The facts in brief are that the buyer of an insurance company relied on an indemnity clause to
recover losses paid in the form of compensation to the customers of the insurance company to
which the company has mis-sold products. According to the indemnity clause, any complaint
to the Financial Services Authority would be indemnified by the buyer. However, the
contract did not clearly specify what would happen if the company itself raised a complaint
before the FSA. The UK Supreme Court held that a literalist approach to resolving ambiguity
in a commercial contract term would yield incorrect results, and a holistic reading was
imperative to ascertain meaning of terms agreed to by parties. Dismissing the appeal, the UK
Supreme Court finally held that the indemnity clause was in addition to the wide-ranging
warranties specified elsewhere in the contract, which was not contrary to business common
sense.
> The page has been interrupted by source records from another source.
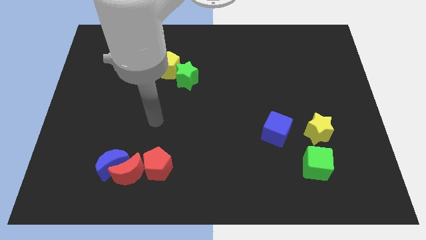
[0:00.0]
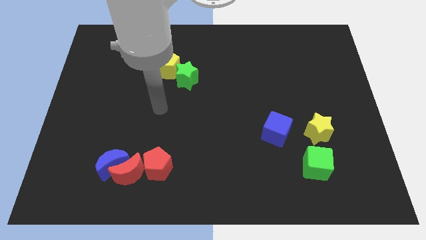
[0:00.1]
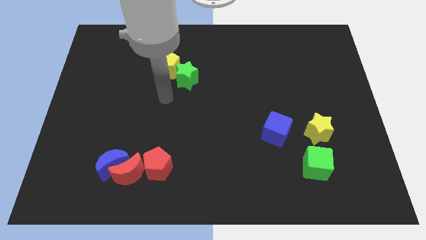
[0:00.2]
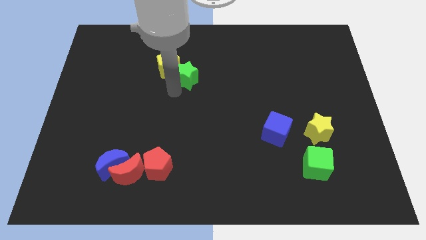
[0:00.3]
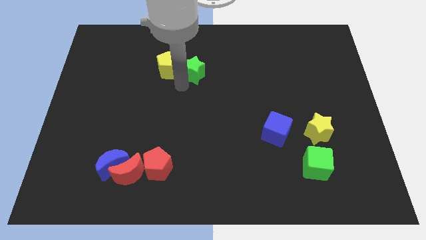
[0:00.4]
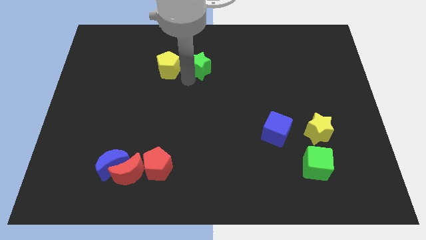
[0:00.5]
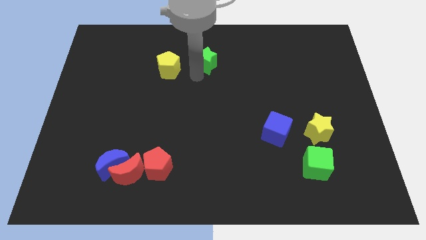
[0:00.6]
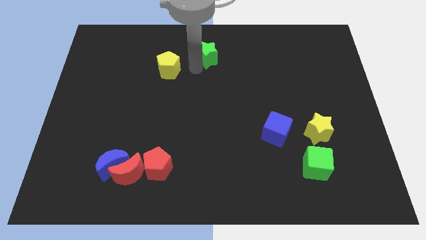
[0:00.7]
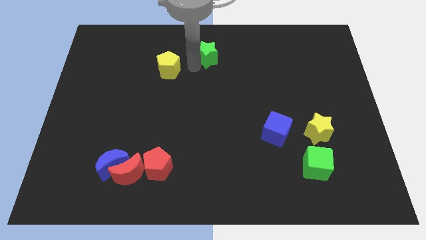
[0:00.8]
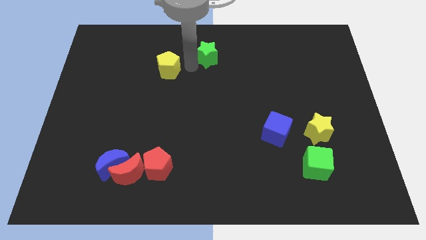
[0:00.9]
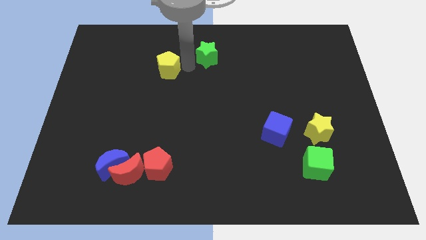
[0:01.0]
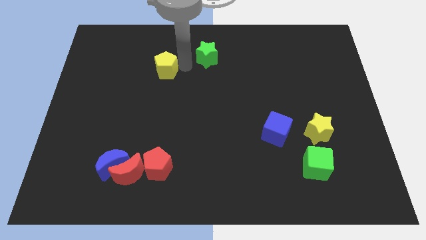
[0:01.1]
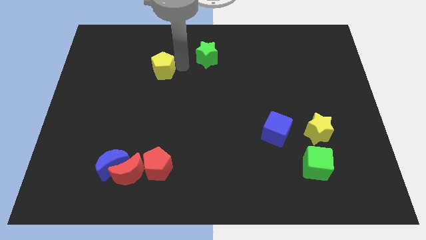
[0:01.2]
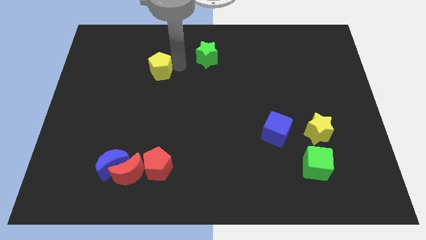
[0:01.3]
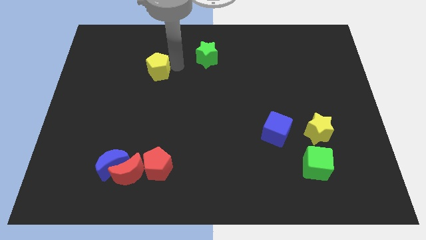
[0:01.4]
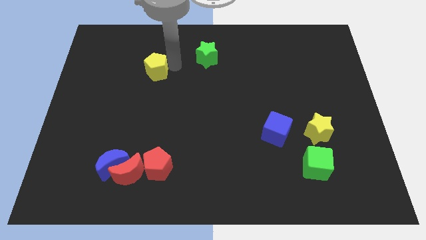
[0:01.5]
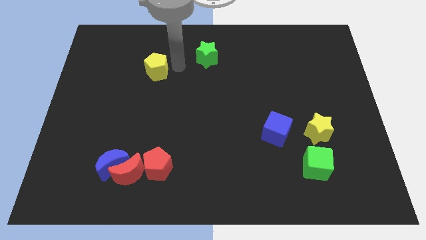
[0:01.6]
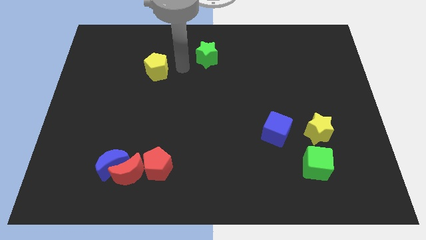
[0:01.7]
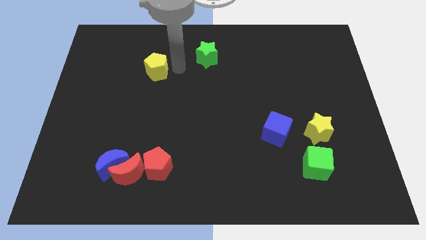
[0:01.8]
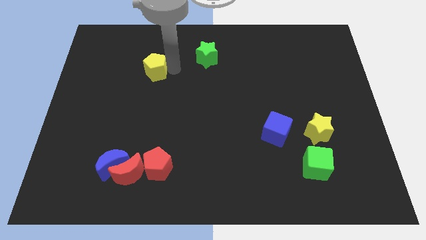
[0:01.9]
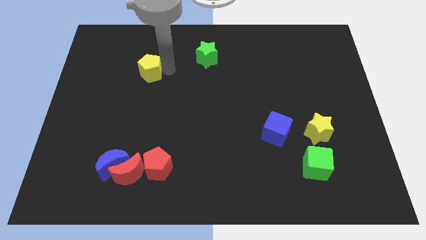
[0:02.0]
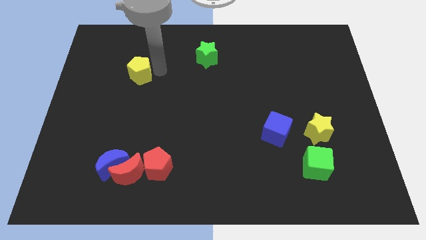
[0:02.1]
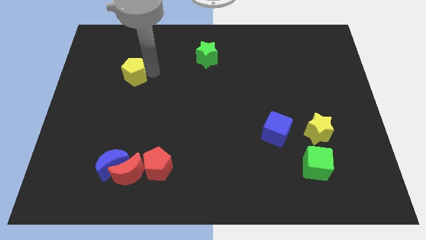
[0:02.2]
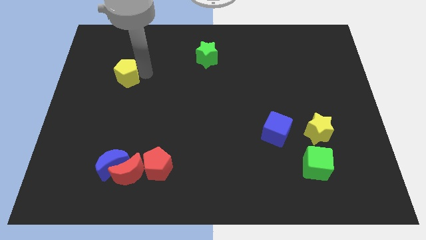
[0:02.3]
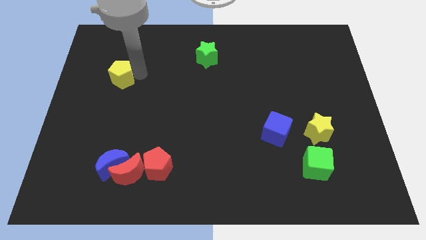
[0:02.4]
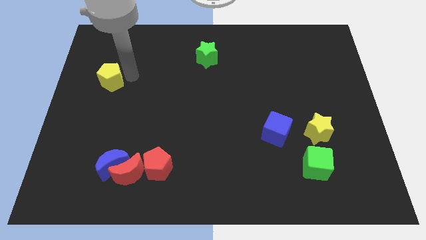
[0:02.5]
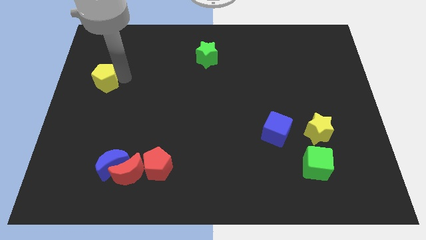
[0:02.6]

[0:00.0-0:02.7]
put the yellow pentagon to the center left

The agreement might have become a poor bargain for the buyer, but it was not the
Court's function to improve that bargain:

8
Arnold v Britton; [2015] UKSC 36, para 15
“The court's task is to ascertain the objective meaning of the language which the
parties have chosen to express their agreement. It has long been accepted that this is
not a literalist exercise focused solely on a parsing of the wording of the particular
clause but that the court must consider the contract as a whole and, depending on the
nature, formality and quality of drafting of the contract, give more or less weight to
elements of the wider context in reaching its view as to that objective meaning.”